6.3  At Purchase 1 Completion the Vendors must procure:

     (1)  a direction in writing signed by all shareholders of DSG Pty and NDSG
          that the Board register the transfers of the Purchase 1 Shares (as
          applicable);

     (2)  approval by the DSG Pty Board of the transfers of the DSG Pty Shares
          and approval by the NDSG Board of the NDSG Shares comprising the
          Purchase 1 Shares to the Purchaser for registration (and to the extent
          not already approved, approval of the share transfers listed in
          Conditions 4.1(2) and 4.1(3));

     (3)  appointment to the Board of DSG Pty of those persons nominated by the
          Purchaser and resignations from those boards of those of the present
          directors whom the Purchaser requests to resign, and in the case of
          each director resigning an acknowledgment in such form as the
          Purchaser may require that he or she has no claim of any nature
          against DSG Pty (and vice versa except in relation to fraud or gross
          negligence) for salary, fees, compensation for loss of office or
          otherwise; and

     (4)  delivery into the control of the Purchaser of all keys and codes of
          whatever nature required to enter or gain access to any property of
          DSG Pty and without limitation



          including all keys and combinations required to unlock each safe
          deposit box at a bank, cupboards, safes, storage rooms, filing
          cabinets and desk drawers, and all keys and codes necessary to gain
          access to computer programmes;

     (5)  that upon the release of the ANZ securities referred to in clauses
          6.2(4), 6.2(5) and 6.2(6) the Vendors will procure that they and the
          directors of the Companies do all things necessary to enable and
          permit the Purchaser's debt financiers to take security on the
          Purchase 1 Date over the assets and undertaking of NDSG and the
          Property.

6.4  Subject to Purchase 1 Completion occurring, on the Purchase 2 Date the
     Vendors shall procure that Nappies Newco shall acquire the Purchase 2
     Shares in respect of Purchase 2 Completion. On the Purchase 1 Completion,
     the Vendors must deliver to the Escrow Agent:

     (1)  undated registrable transfers of the Purchase 2 Shares in favour of
          Nappies Newco;

     (2)  the share certificates for the Purchase 2 Shares;

     (3)  all seals, minute books, statutory books and registers, books of
          account, trading and financial records, copies of taxation returns and
          other documents and papers of NDSG;

     (4)  delivery into the control of the Purchaser of all keys and codes of
          whatever nature required to enter or gain access to any property of
          NDSG and without limitation including all keys and combinations
          required to unlock each safe deposit box at a bank, cupboards, safes,
          storage rooms, filing cabinets and desk drawers, and all keys and
          codes necessary to gain access to computer programmes.

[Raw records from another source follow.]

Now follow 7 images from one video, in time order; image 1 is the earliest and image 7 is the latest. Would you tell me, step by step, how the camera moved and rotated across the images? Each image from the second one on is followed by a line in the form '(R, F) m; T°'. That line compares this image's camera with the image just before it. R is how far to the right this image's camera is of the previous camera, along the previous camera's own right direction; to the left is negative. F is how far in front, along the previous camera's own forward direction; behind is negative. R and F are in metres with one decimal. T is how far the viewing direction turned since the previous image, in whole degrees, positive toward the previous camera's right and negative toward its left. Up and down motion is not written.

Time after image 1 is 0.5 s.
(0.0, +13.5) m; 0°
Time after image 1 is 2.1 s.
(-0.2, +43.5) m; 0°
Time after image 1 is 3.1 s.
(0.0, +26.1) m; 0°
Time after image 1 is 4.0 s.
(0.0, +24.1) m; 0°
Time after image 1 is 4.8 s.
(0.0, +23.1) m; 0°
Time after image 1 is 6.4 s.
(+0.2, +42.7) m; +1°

6.5  On the Purchase 1 Completion the Vendors must procure and deliver to the
     Escrow Agent in respect of the Purchase 2 Completion:

     (1)  a direction in writing signed by all shareholders of NDSG that the
          Board register the transfers of the Purchase 2 Shares (as applicable);

     (2)  approval by the NDSG Board of the transfers of the Purchase 2 Shares
          to Nappies Newco for registration and the actual registration of the
          transfer in the Company books of NDSG;

     (3)  appointment to the Board of NDSG of those persons nominated by the
          Purchaser and resignations from those boards of those of the present
          directors whom the Purchaser requests to resign, and in the case of
          each director resigning an acknowledgment in such form as the
          Purchaser may require that he or she has no claim of any nature
          against NDSG (and vice versa except in relation to fraud or gross
          negligence) for salary, fees, compensation for loss of office or
          otherwise as at the Purchase 2 Date;



6.6  Each of the items in clause 6.5 shall be irrevocable and unconditional
     except that they are subject to the Purchase 1 Completion occurring.

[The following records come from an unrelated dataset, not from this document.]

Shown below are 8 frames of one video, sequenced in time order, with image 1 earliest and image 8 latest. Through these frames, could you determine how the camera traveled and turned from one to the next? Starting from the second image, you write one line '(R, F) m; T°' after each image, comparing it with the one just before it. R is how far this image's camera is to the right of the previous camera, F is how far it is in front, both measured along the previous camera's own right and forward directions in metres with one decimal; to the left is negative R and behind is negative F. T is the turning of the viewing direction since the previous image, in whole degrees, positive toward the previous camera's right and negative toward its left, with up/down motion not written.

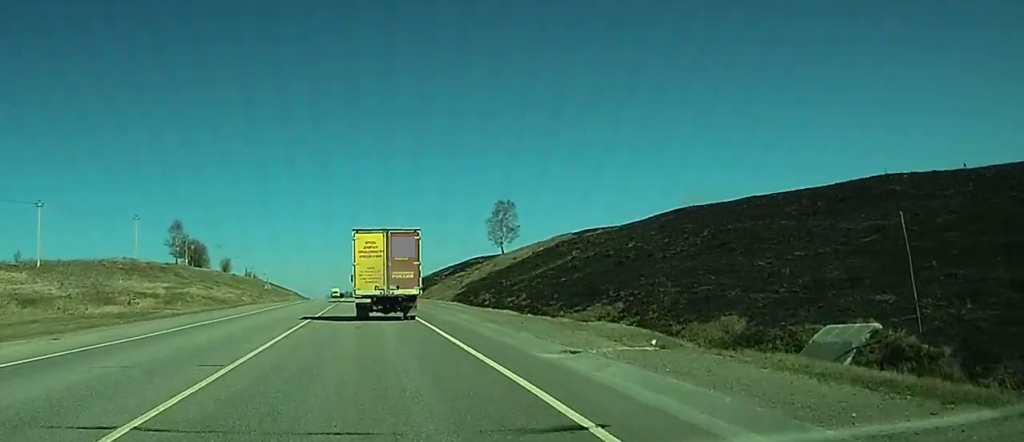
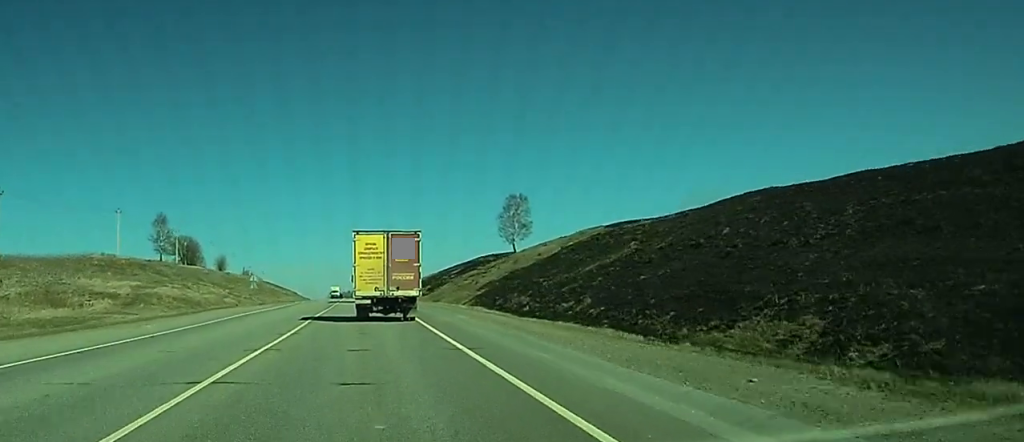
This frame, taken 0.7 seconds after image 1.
(0.0, +13.6) m; 0°
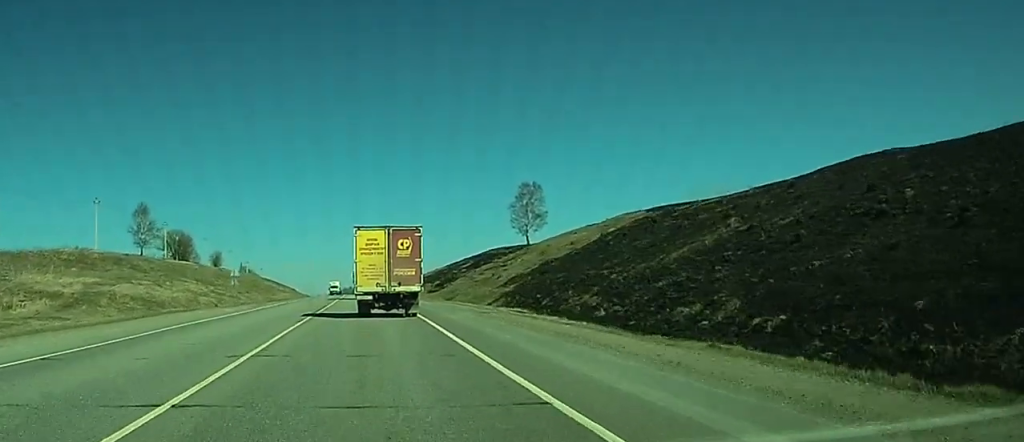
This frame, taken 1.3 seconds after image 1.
(0.0, +13.6) m; 0°
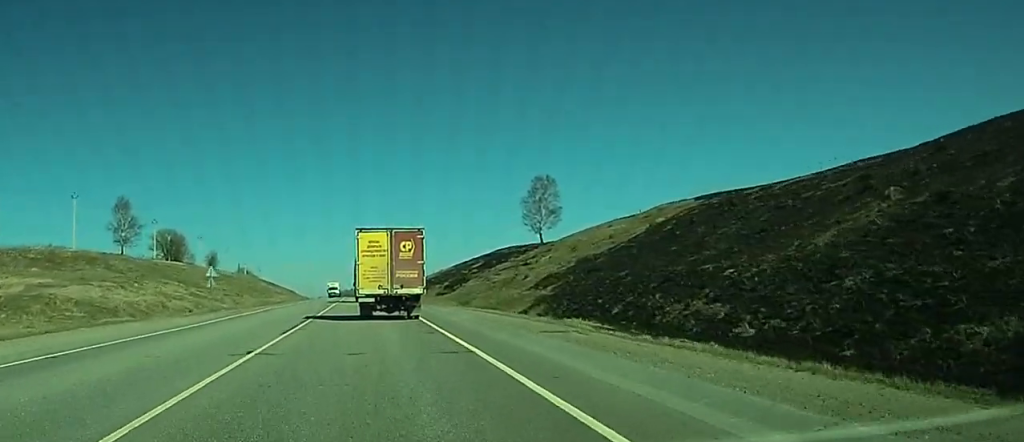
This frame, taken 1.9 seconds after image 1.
(0.0, +11.6) m; 0°
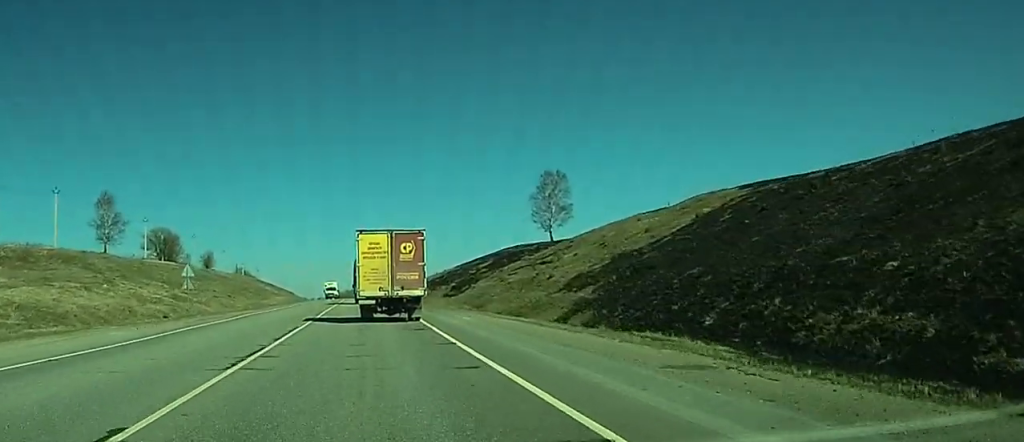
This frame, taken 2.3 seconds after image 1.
(0.0, +8.3) m; 0°
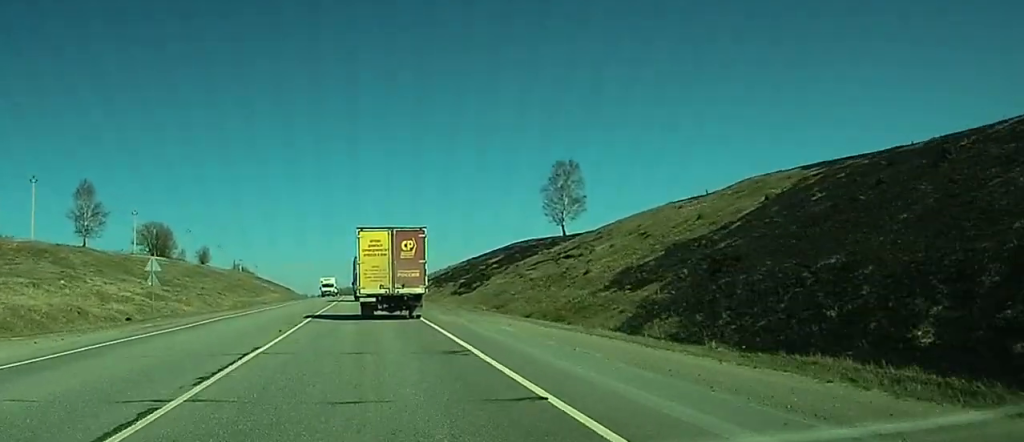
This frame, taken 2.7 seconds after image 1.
(0.0, +8.9) m; 0°
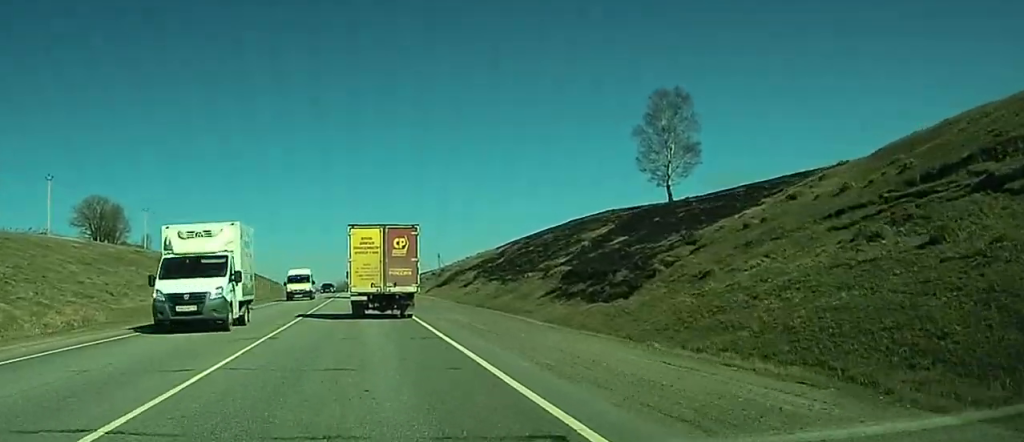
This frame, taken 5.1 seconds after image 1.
(+0.5, +49.8) m; +1°
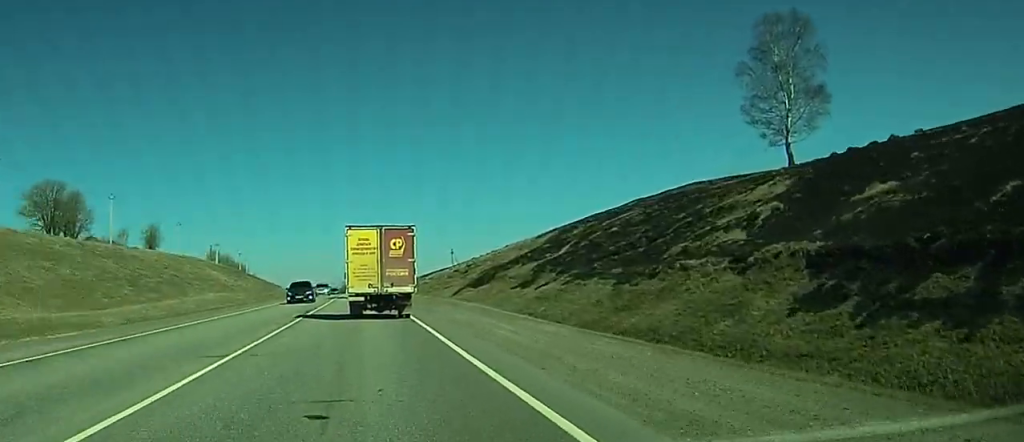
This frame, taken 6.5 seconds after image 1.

6.7  On the Purchase 2 Date, Nappies Newco shall issue 4,050,000 ordinary shares
     credited as fully paid at A$1 per share to DSGI in consideration for the
     acquisition of the Purchase 2 Shares from DSGI and shall issue a share
     certificate in the name of DSGI in relation to the same, which shall be
     delivered to the Escrow Agent in accordance with clause 6.8(2).

6.8  On the Purchase 1 Completion, in respect of the Purchase 3 Completion the
     Vendors must deliver (or, where appropriate, procure that the Companies
     deliver) to the Escrow Agent:

     (1)  undated registrable transfers of the Purchase 3 Shares in favour of
          the Purchaser or the Purchaser's nominees;

     (2)  share certificates for the Purchase 3 Shares;

     (3)  all documents of Nappies Newco referred to in Schedule 3 or its
          appendices;

     (4)  all seals, minute books, statutory books and registers, books of
          account, trading and financial records, copies of taxation returns and
          other documents and papers of Nappies Newco;

     (5)  authorities directed to the Companies' bankers authorising the
          operation of each of Nappies Newco's and NDSG's bank accounts (if any)
          in accordance with the Purchaser's directions.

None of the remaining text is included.